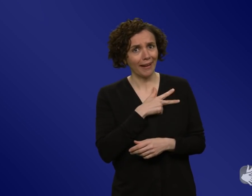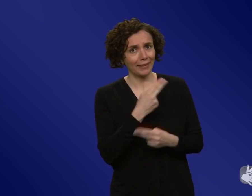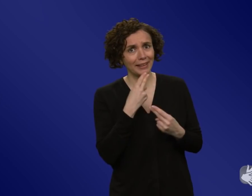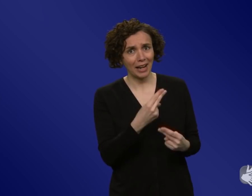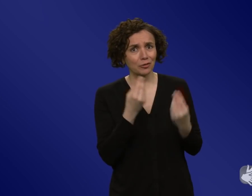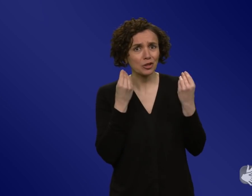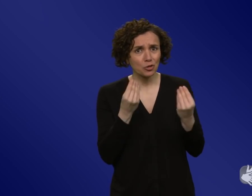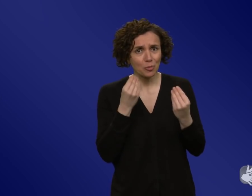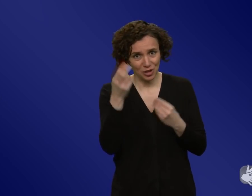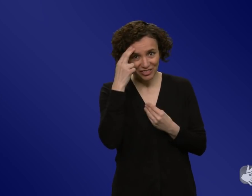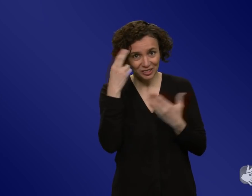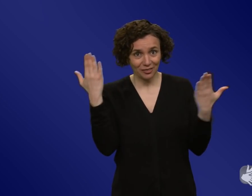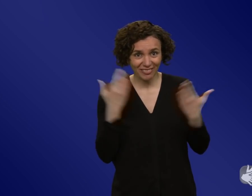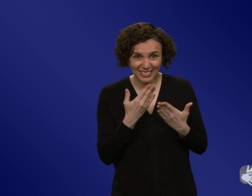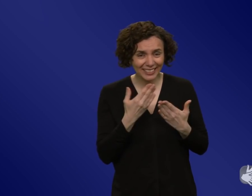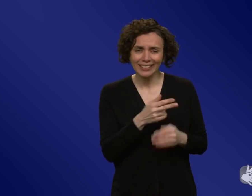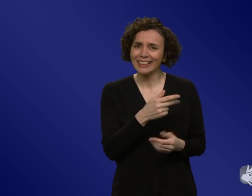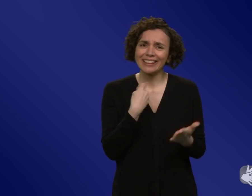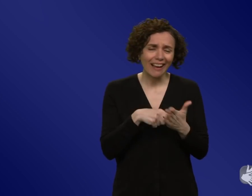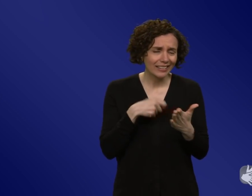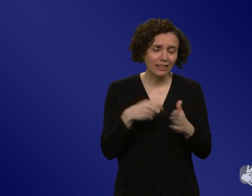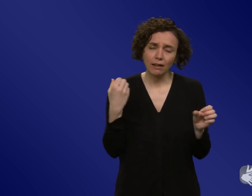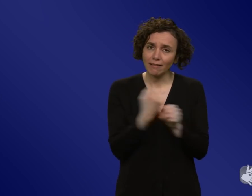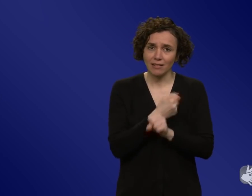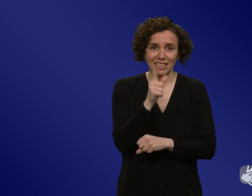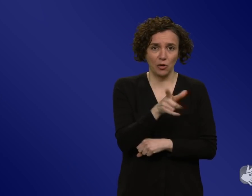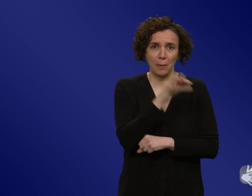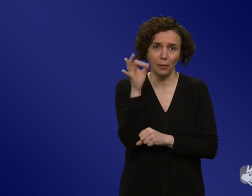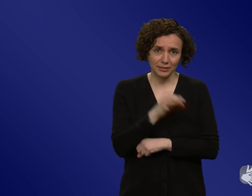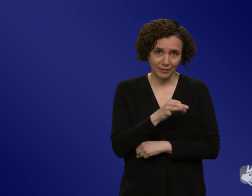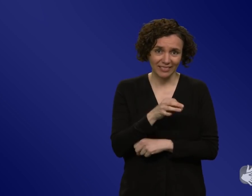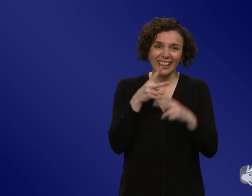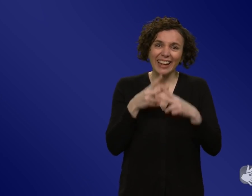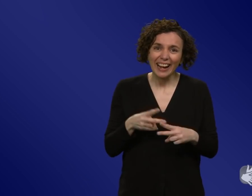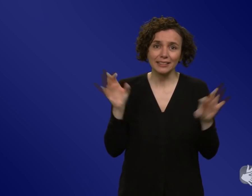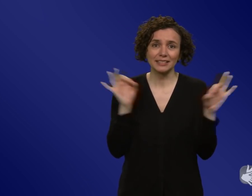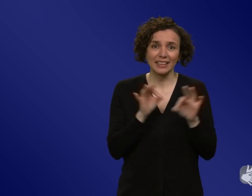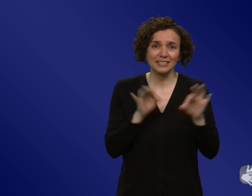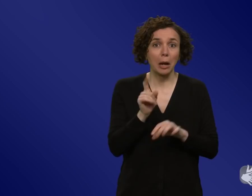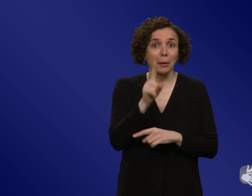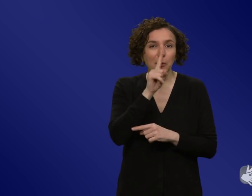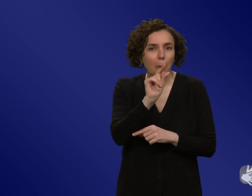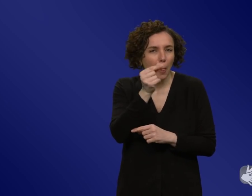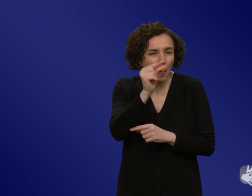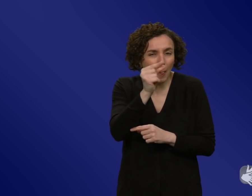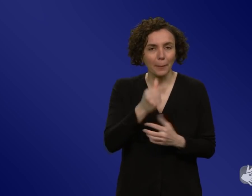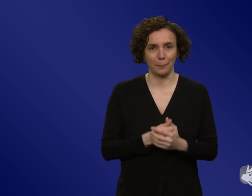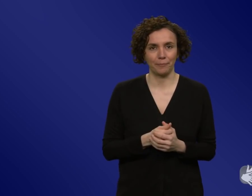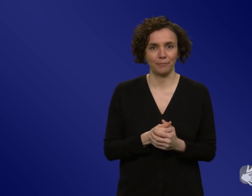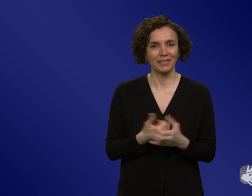zwar sogar dann, wenn das Restrisiko im Promillebereich liegt. Wie kann man denn in einfacher Sprache solche Unsicherheiten kommunizieren?
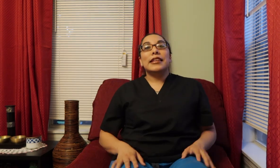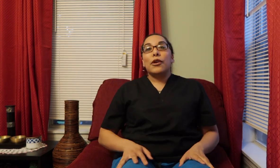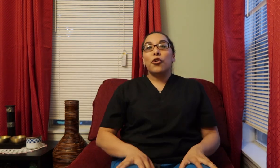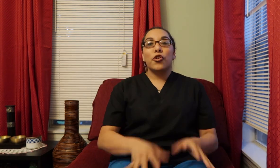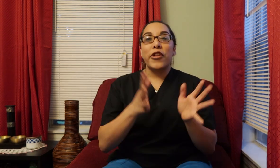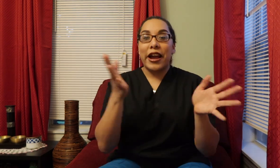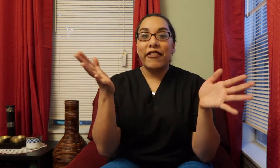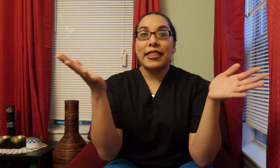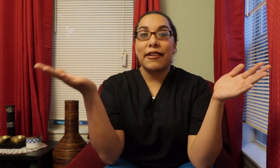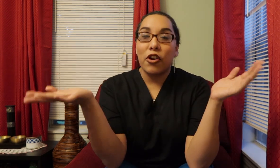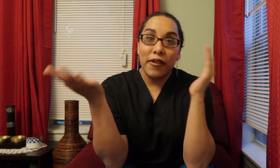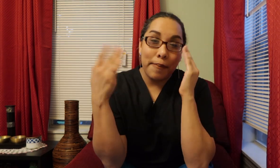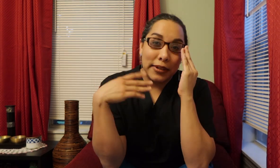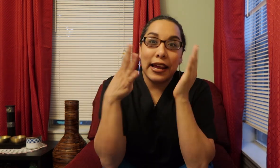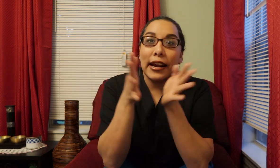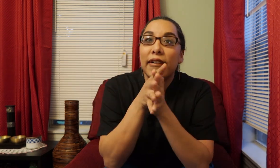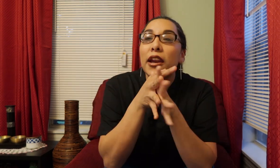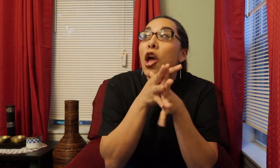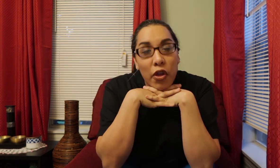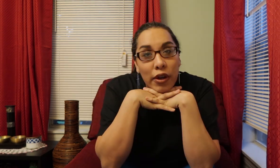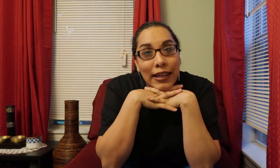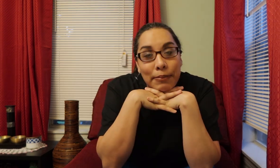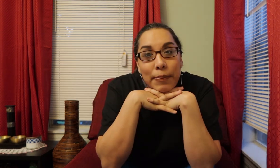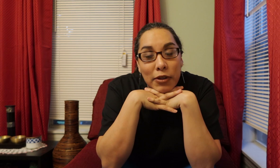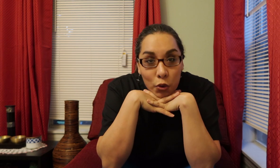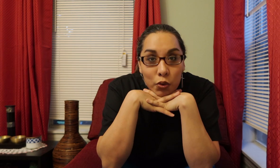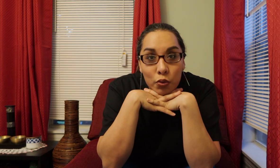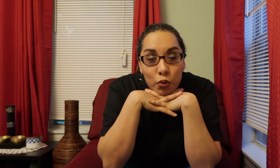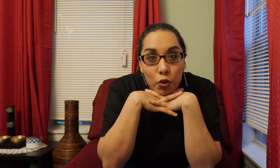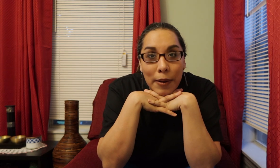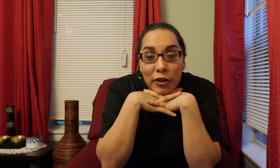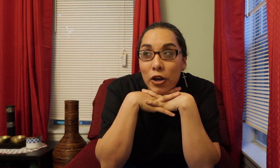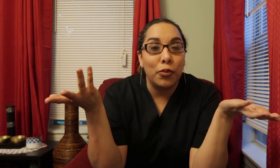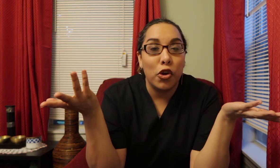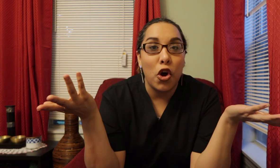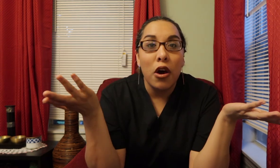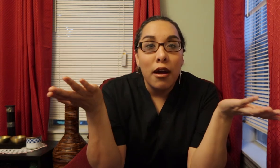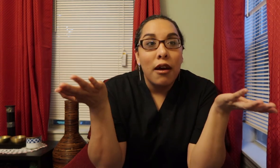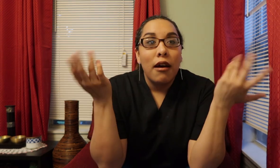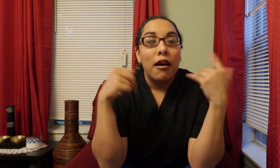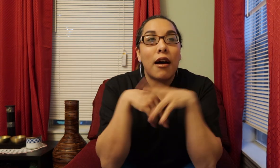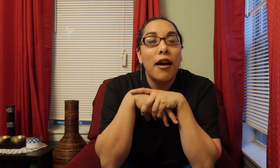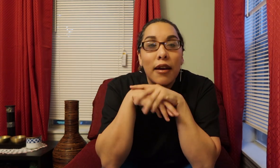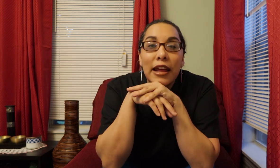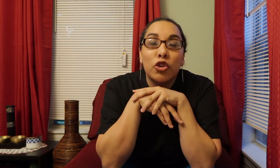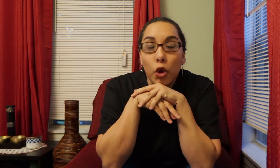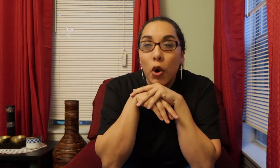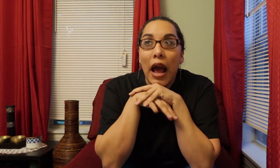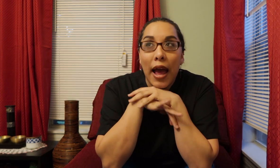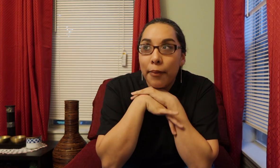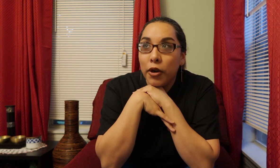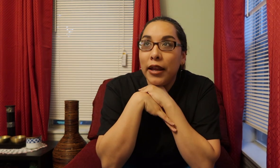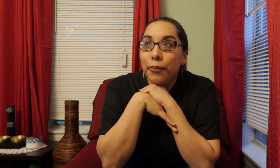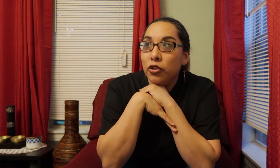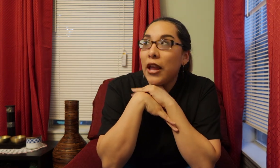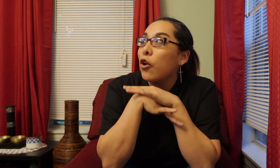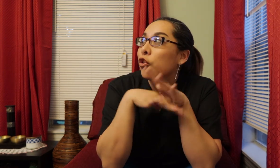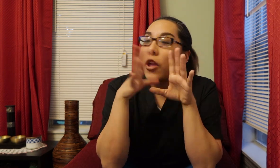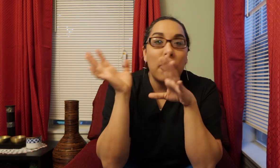y si bueno, cuando llegaba del trabajo iba a empezar a grabar Se me pasó un capítulo y murió la estruja Porque pues ya cuando ya
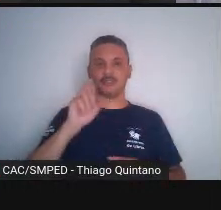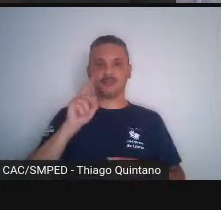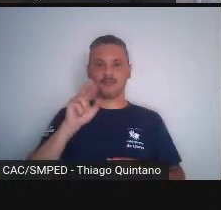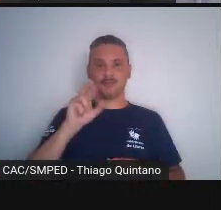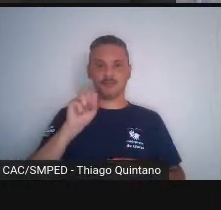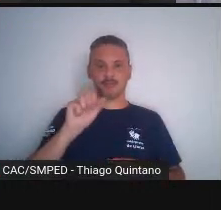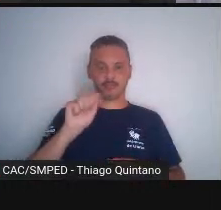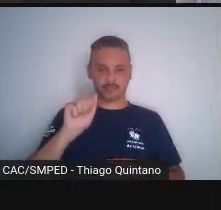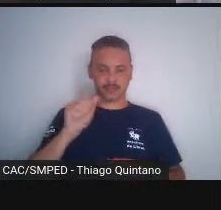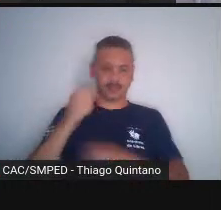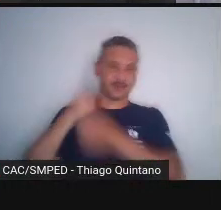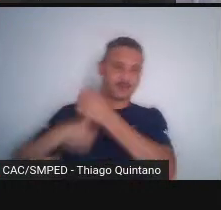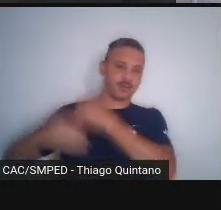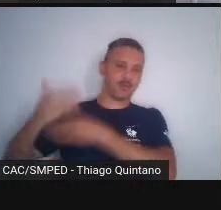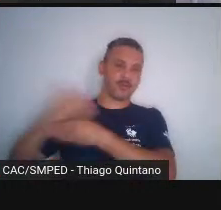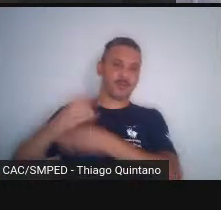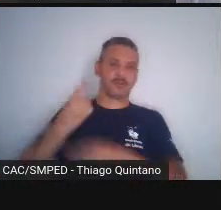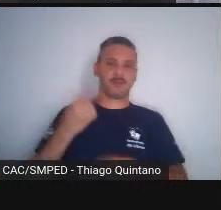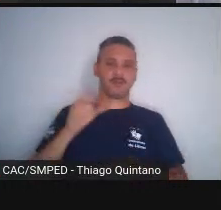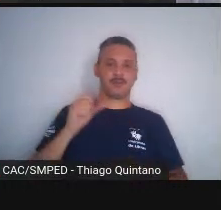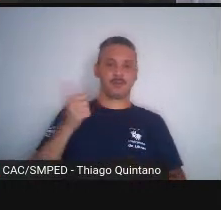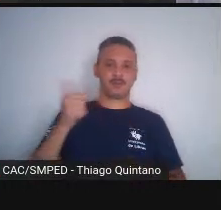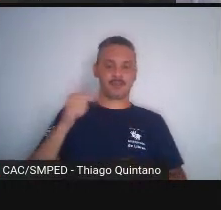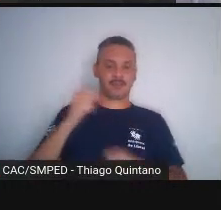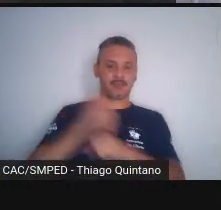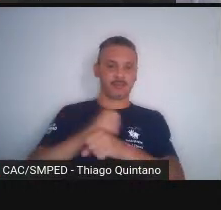1927, né?

==========

[Work task] What is needed is the whole listing again, set down exactly, without its pictures.

[Task output]
zwar sogar dann, wenn das Restrisiko im Promillebereich liegt. Wie kann man denn in einfacher Sprache solche Unsicherheiten kommunizieren?
y si bueno, cuando llegaba del trabajo iba a empezar a grabar Se me pasó un capítulo y murió la estruja Porque pues ya cuando ya
1927, né?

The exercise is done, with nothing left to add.